_Exercise description_. The records below must be transcribed exactly. Do not include the pictures.

=== Data excerpts ===

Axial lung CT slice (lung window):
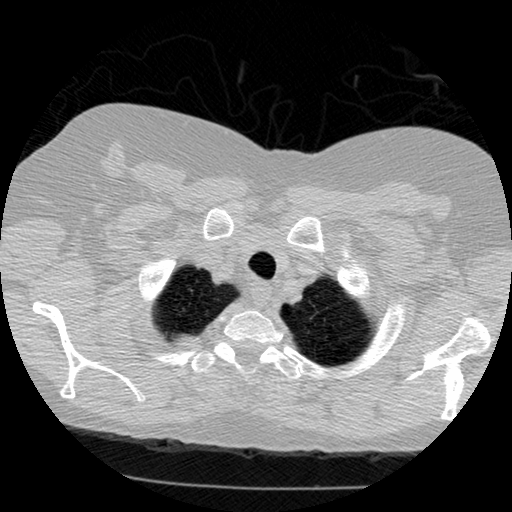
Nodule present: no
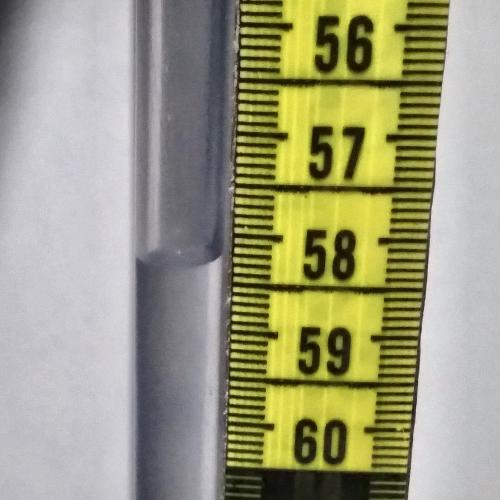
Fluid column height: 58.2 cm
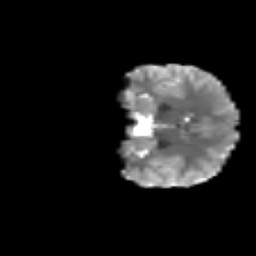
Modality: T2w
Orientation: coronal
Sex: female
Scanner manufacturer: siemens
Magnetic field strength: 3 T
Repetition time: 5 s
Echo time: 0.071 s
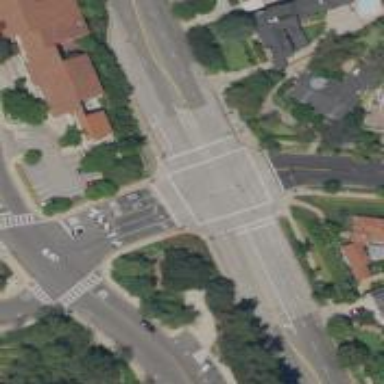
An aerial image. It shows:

===

_Exercise result_.
Axial lung CT slice (lung window):
Nodule present: no
Fluid column height: 58.2 cm
Modality: T2w
Orientation: coronal
Sex: female
Scanner manufacturer: siemens
Magnetic field strength: 3 T
Repetition time: 5 s
Echo time: 0.071 s
An aerial image. It shows:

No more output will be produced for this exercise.